### THE PROBLEM:
The answer is the data repeated in full, with no pictures included.

Stored records:

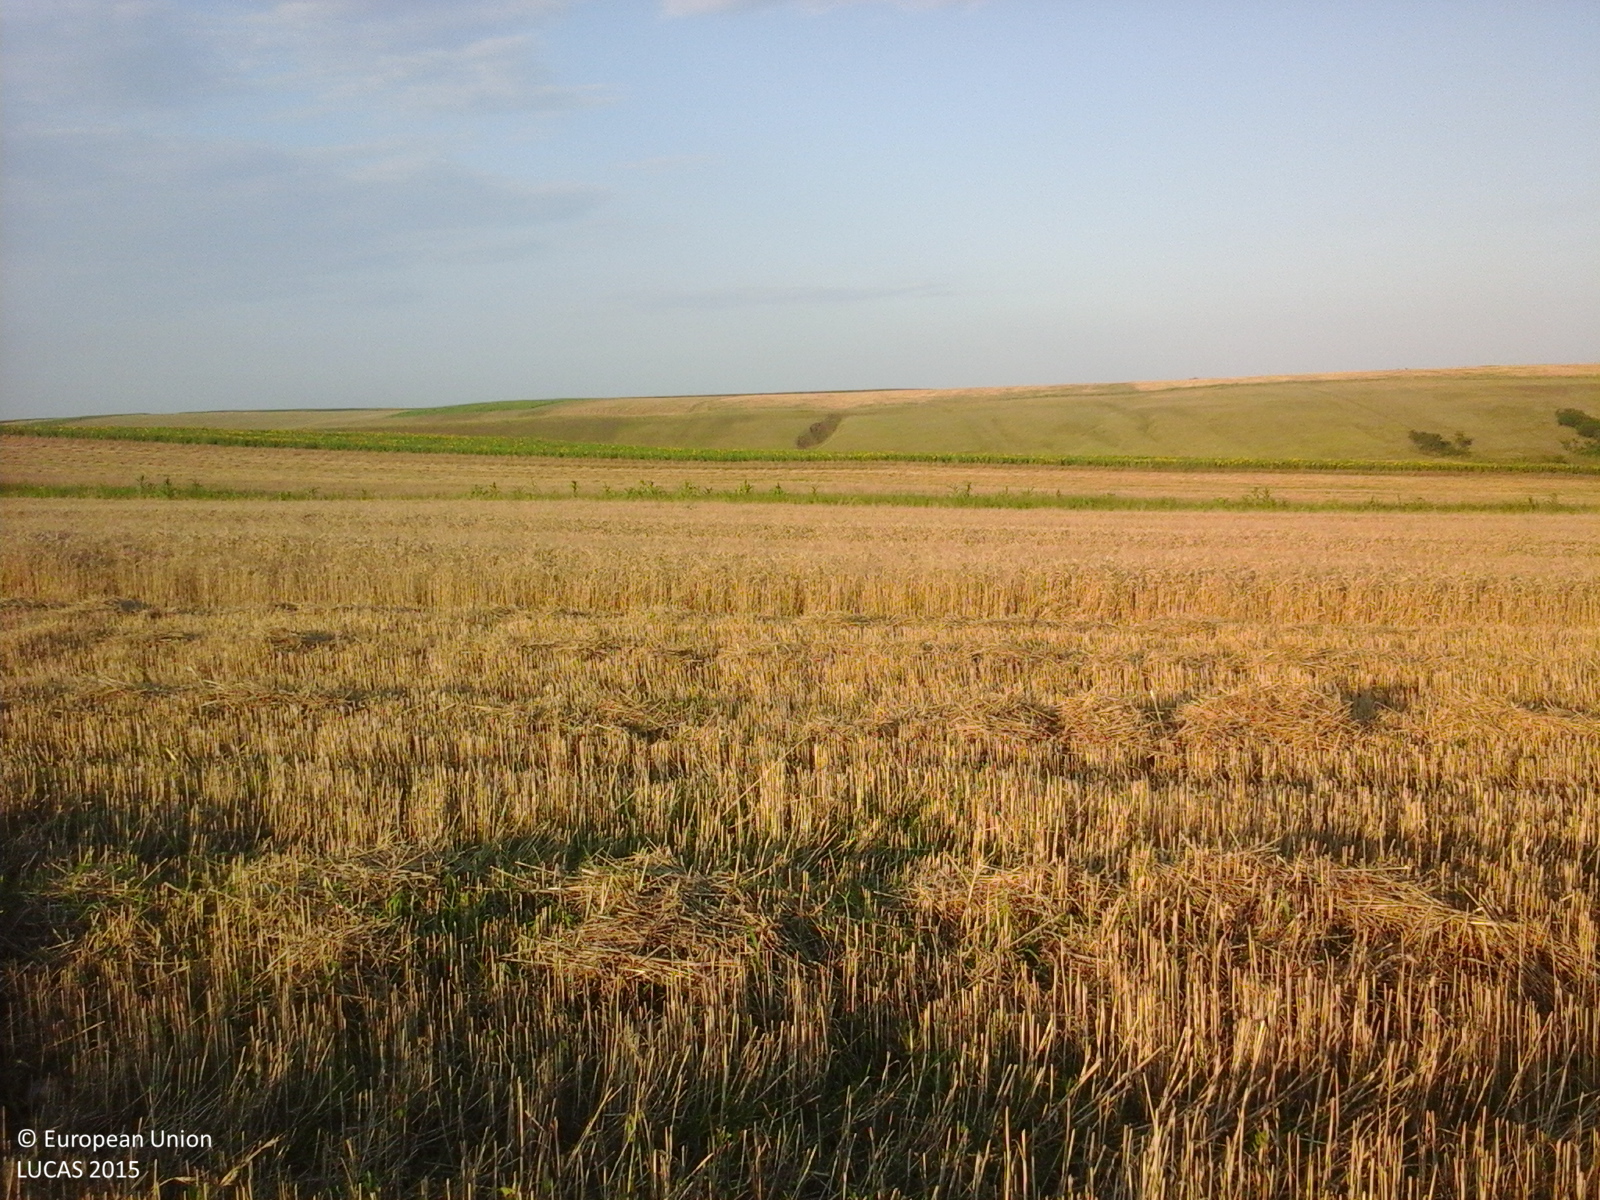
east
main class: Cropland
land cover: Common wheat
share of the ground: 50 - 75 %
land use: Agriculture (excluding fallow land and kitchen gardens)
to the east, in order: Common wheat; Spontaneously vegetated surfaces; Mixed cereals for fodder; Common wheat; Sunflower; Grassland without tree/shrub cover
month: July
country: RO
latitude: 44.2611
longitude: 24.4860

### TASK RESPONSE:
east
main class: Cropland
land cover: Common wheat
share of the ground: 50 - 75 %
land use: Agriculture (excluding fallow land and kitchen gardens)
to the east, in order: Common wheat; Spontaneously vegetated surfaces; Mixed cereals for fodder; Common wheat; Sunflower; Grassland without tree/shrub cover
month: July
country: RO
latitude: 44.2611
longitude: 24.4860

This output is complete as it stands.